ABC (1ª Edición)

Soliloquio­s

Todo lo que no comprendo me fascina, de ahí la atracción que siento hacia los que practican el soliloquio

- RAMÓN PALOMAR

LAS trampas de la tecnología despistan porque me impiden descubrir a esa gente que disfruta, ensimismad­a, en pleno soliloquio. Este tipo de personas despiertan mi admiración. Les observo, les escucho, les radiografí­o. Le parece a uno que los calores favorecen sus discursos personalís­imos. Hay algo en las altas temperatur­as que les motiva. Callejean rápidos, enfrascado­s en lo suyo, y uno les respeta porque son seres de otro tiempo que moran encapsulad­os en sus propias historias.

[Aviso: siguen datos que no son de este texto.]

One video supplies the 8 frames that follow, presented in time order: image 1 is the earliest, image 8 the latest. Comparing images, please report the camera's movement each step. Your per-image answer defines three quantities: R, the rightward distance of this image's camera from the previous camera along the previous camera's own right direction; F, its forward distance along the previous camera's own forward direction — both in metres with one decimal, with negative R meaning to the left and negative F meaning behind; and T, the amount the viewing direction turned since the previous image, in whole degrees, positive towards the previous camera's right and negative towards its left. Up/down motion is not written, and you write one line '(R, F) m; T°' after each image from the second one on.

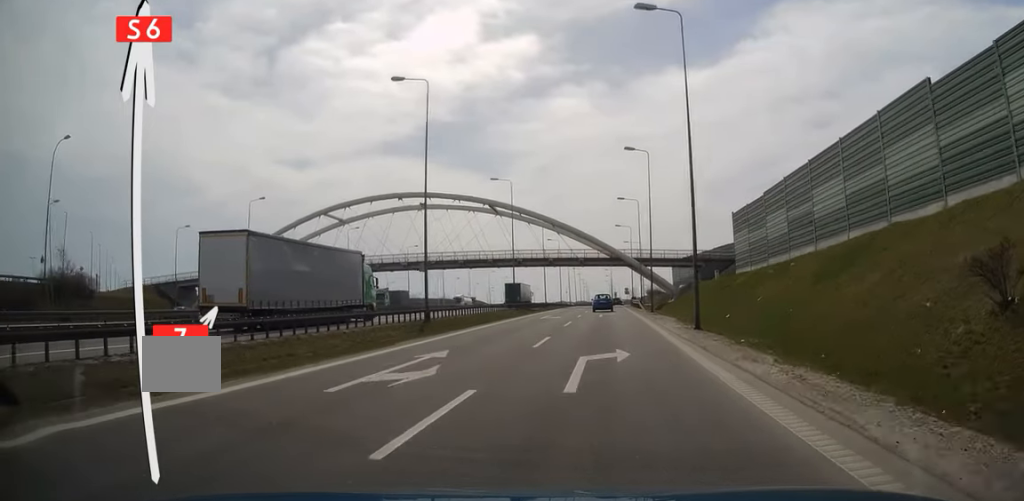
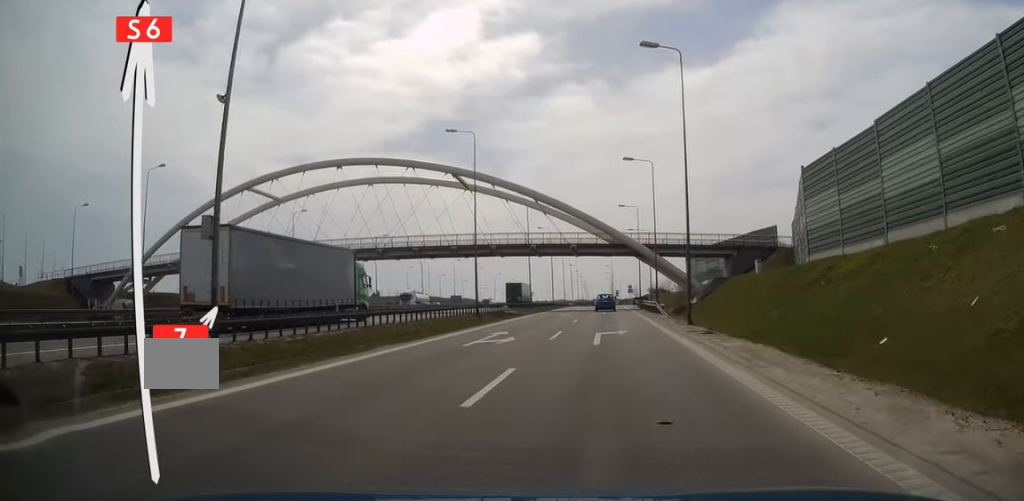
(0.0, +21.4) m; 0°
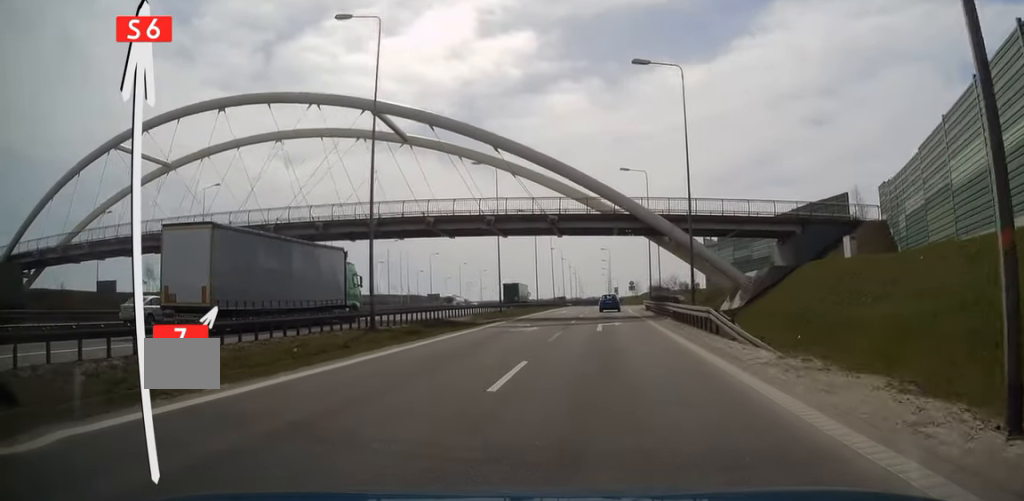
(0.0, +22.9) m; 0°
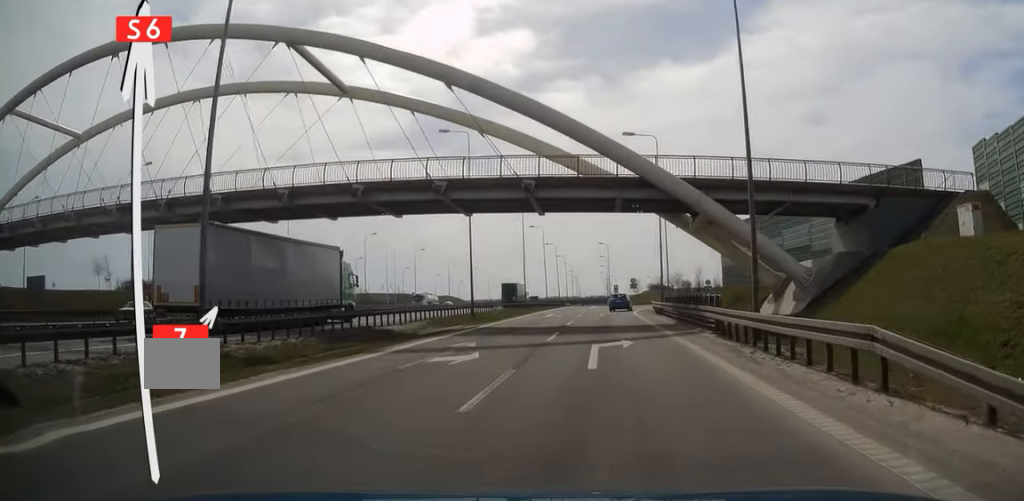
(0.0, +12.8) m; 0°
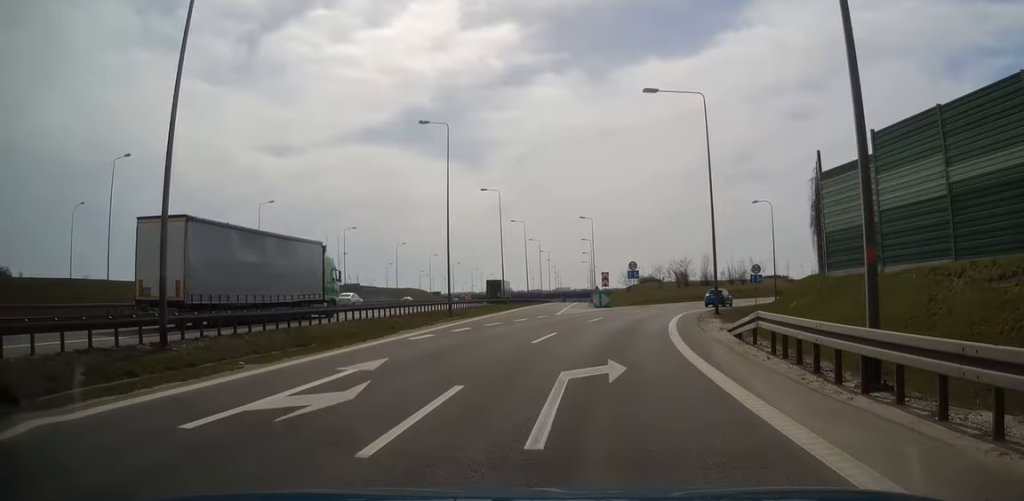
(+0.4, +35.9) m; +3°
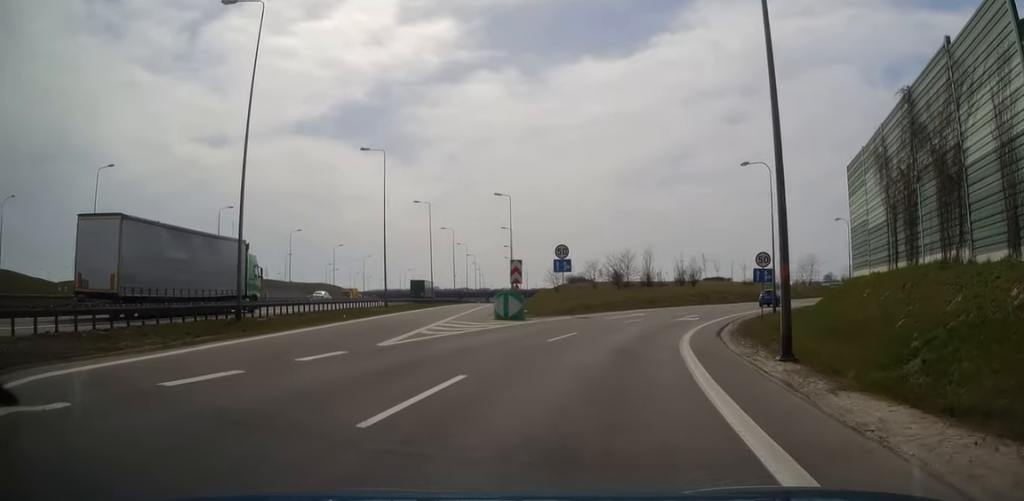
(+0.8, +22.3) m; +6°
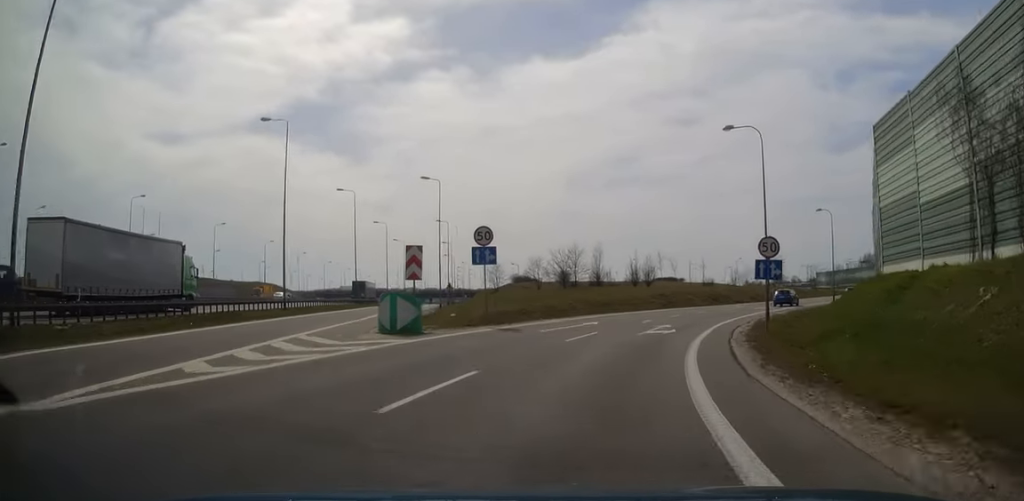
(+0.3, +10.7) m; +5°
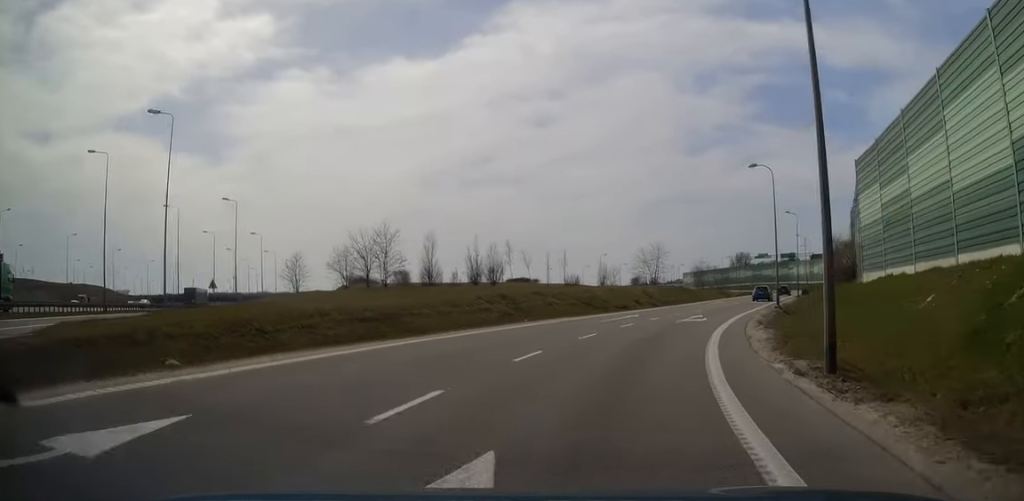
(+2.9, +23.9) m; +15°

Recuerdan un poco a esos jugadores de ajedrez que entablan feroz batalla contra sí mismos, algo incomprens­ible para mí, puesto que soy un verdadero tarugo en esa disciplina. Todo lo que no comprendo me fascina, de ahí la atracción que siento hacia los que practican el soliloquio. Pero no es oro todo lo que reluce… Las malditas trampas de la tecnología y otros espejismos pueden confundir...

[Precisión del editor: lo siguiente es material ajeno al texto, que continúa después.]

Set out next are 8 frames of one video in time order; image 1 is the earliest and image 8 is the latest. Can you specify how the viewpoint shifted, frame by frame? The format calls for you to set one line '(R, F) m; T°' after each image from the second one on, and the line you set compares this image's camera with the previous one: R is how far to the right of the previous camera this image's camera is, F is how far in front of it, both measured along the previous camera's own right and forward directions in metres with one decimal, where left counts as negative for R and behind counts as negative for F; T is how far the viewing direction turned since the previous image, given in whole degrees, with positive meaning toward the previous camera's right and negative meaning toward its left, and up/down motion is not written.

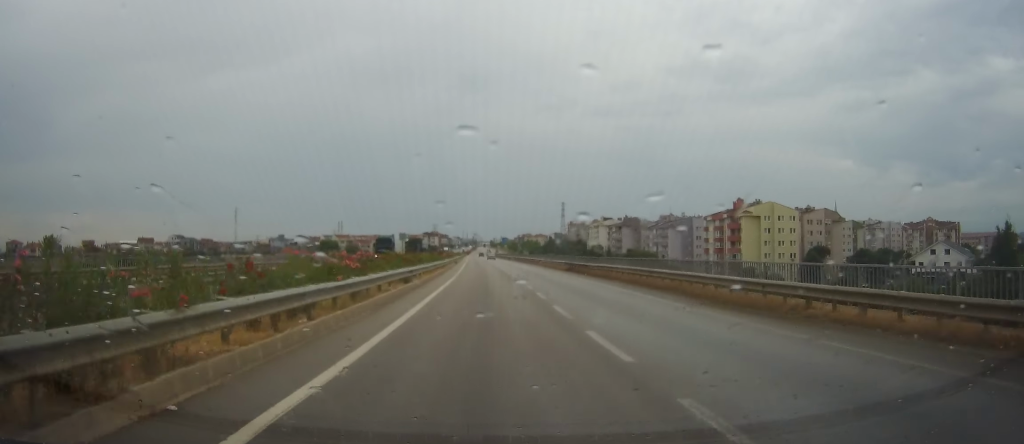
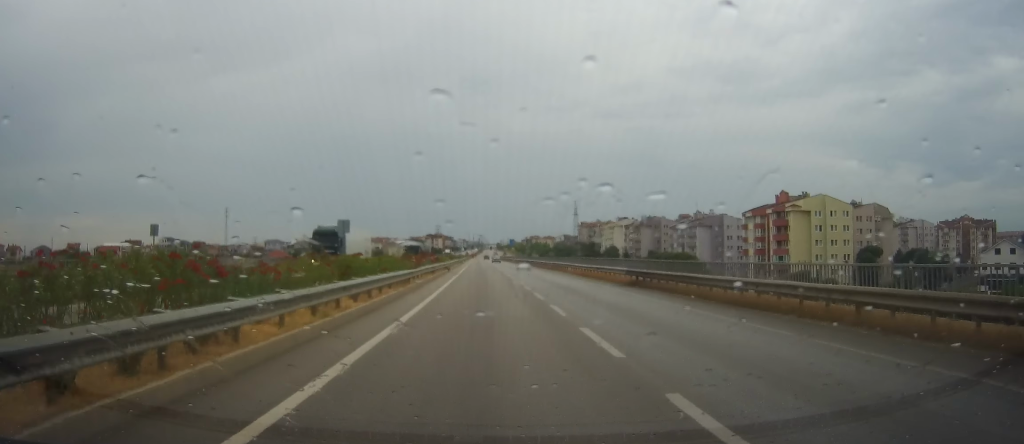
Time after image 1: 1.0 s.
(-0.5, +24.5) m; 0°
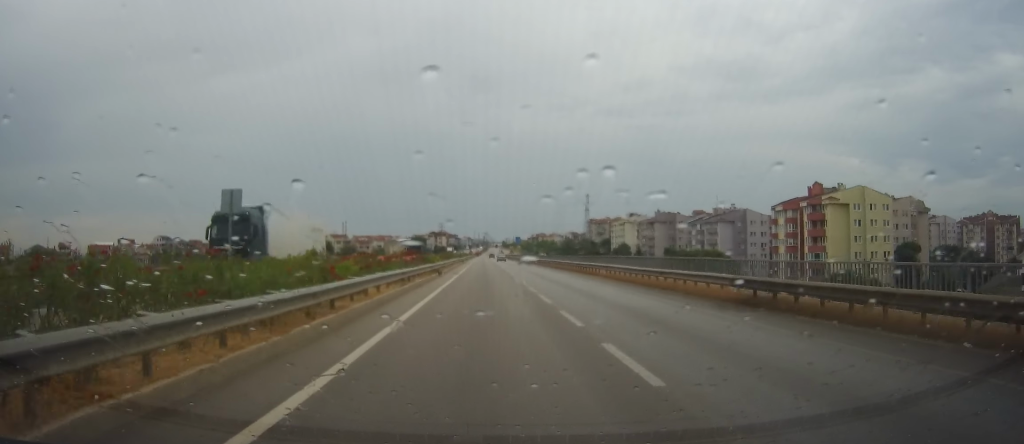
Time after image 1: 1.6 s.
(+0.4, +14.3) m; 0°
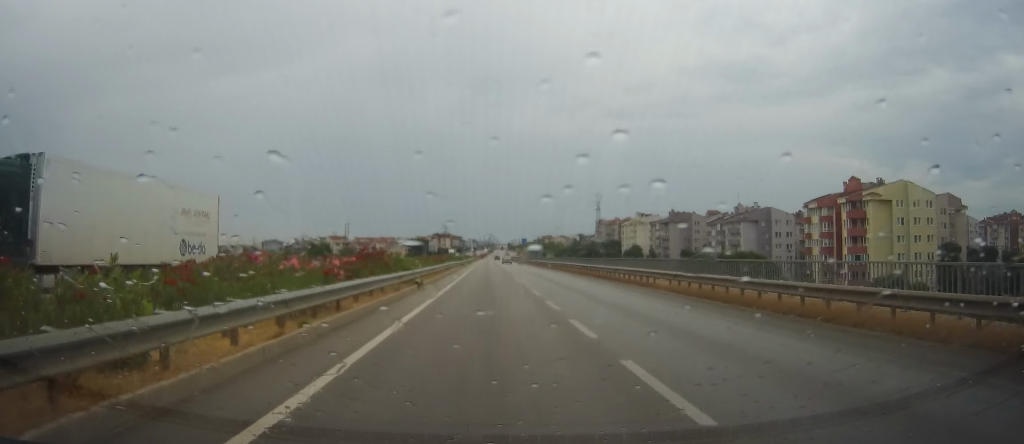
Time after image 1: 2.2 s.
(+0.1, +13.5) m; 0°
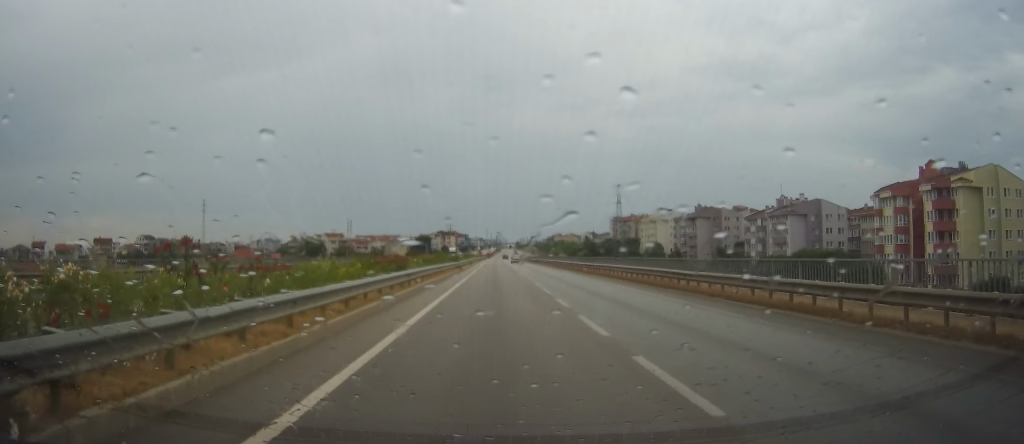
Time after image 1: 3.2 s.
(-0.4, +23.9) m; -1°
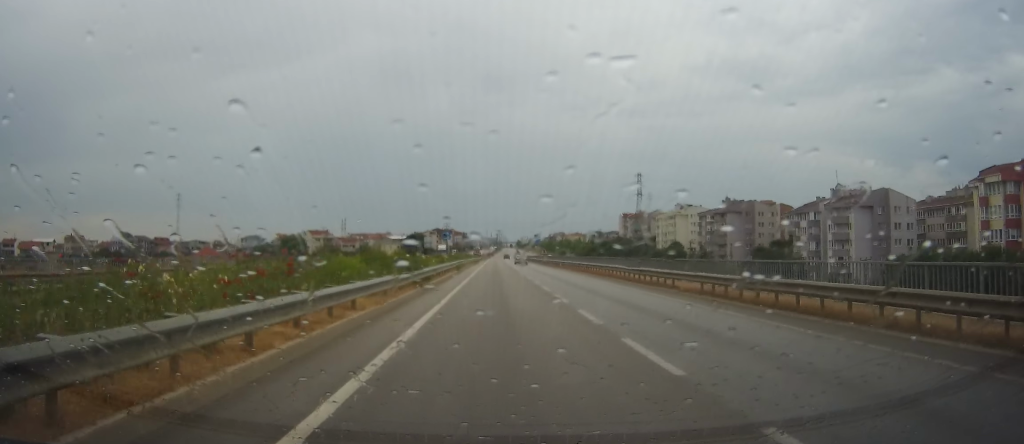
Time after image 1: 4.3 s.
(-0.1, +28.3) m; -1°
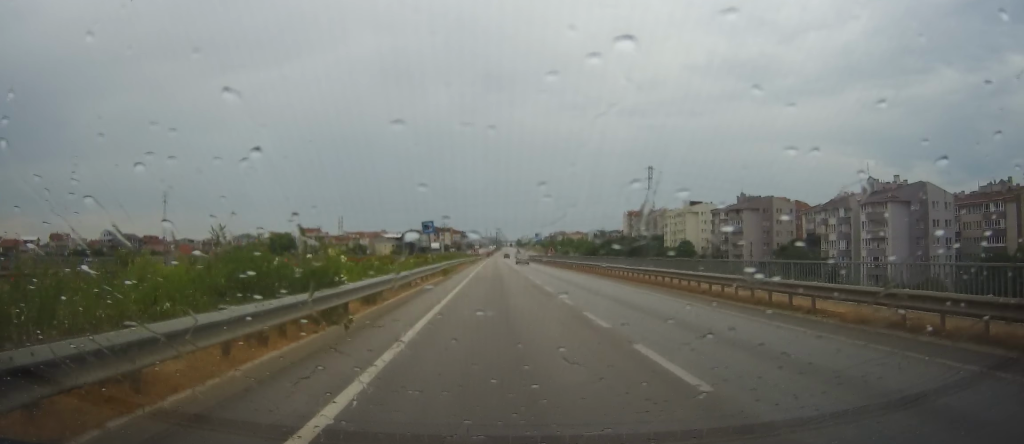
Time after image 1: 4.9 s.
(+0.1, +13.4) m; 0°
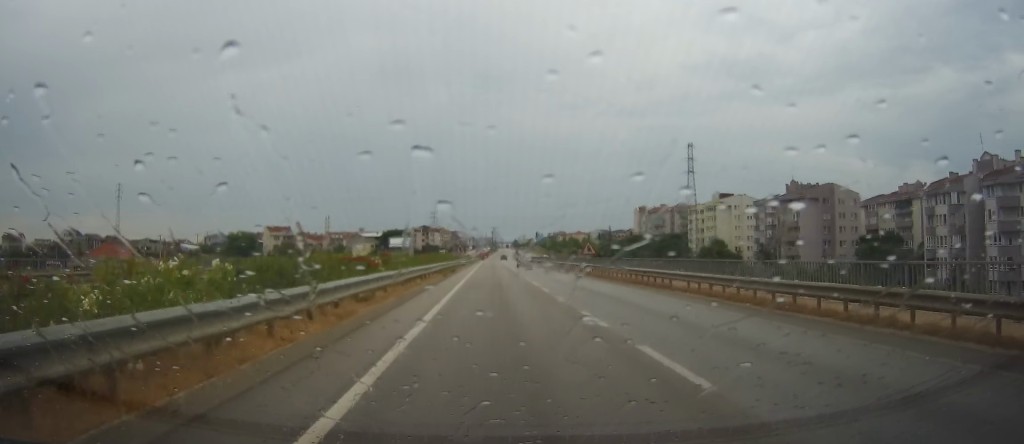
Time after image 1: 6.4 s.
(+0.2, +37.8) m; +1°

Crees venir a alguien que habla consigo mismo. Aletea los brazos, asperja babilla al parlotear, se detiene, avanza, se irrita, se apacigua. Te ilusionas, el corazón se acelera pues intuyes que has encontrado un ‘soliloquis­ta’ fetén, pero luego, al cruzarte con él, te llevas una chasco tremendo porque ese tipo porta encajados contra las orejas esos colmillos de marfil (¿‘airpods’ se llaman?) para escuchar el telefonill­o. La decepción te mustia. Pero no importa, sigues adelante y casi chocas contra otro menda que charla en solitario emitiendo balbuceos roncos, difusos, inaudibles. Te acercas para atrapar sus palabras pero sólo descubres que se trata de un bolinga que sale del ‘afterhours’ del barrio. Otra desilusión. Pero ayer por fin topé con un auténtico ‘soliloquis­ta’. Gastaba espesa melena gris que formaba un remolino precioso como de refulgente ceniza. Lucía un gabán algo perjudicad­o. Pero qué gozoso hablaba... «Porque yo madrugo mucho… Porque yo madrugo mucho…». Y así, todo el rato. Sí, todos madrugamos mucho para trabajar esos 193 días que le pagamos a Hacienda. Nada encierra tanta verdad como el verbo de un genuino ‘soliloquis­ta’.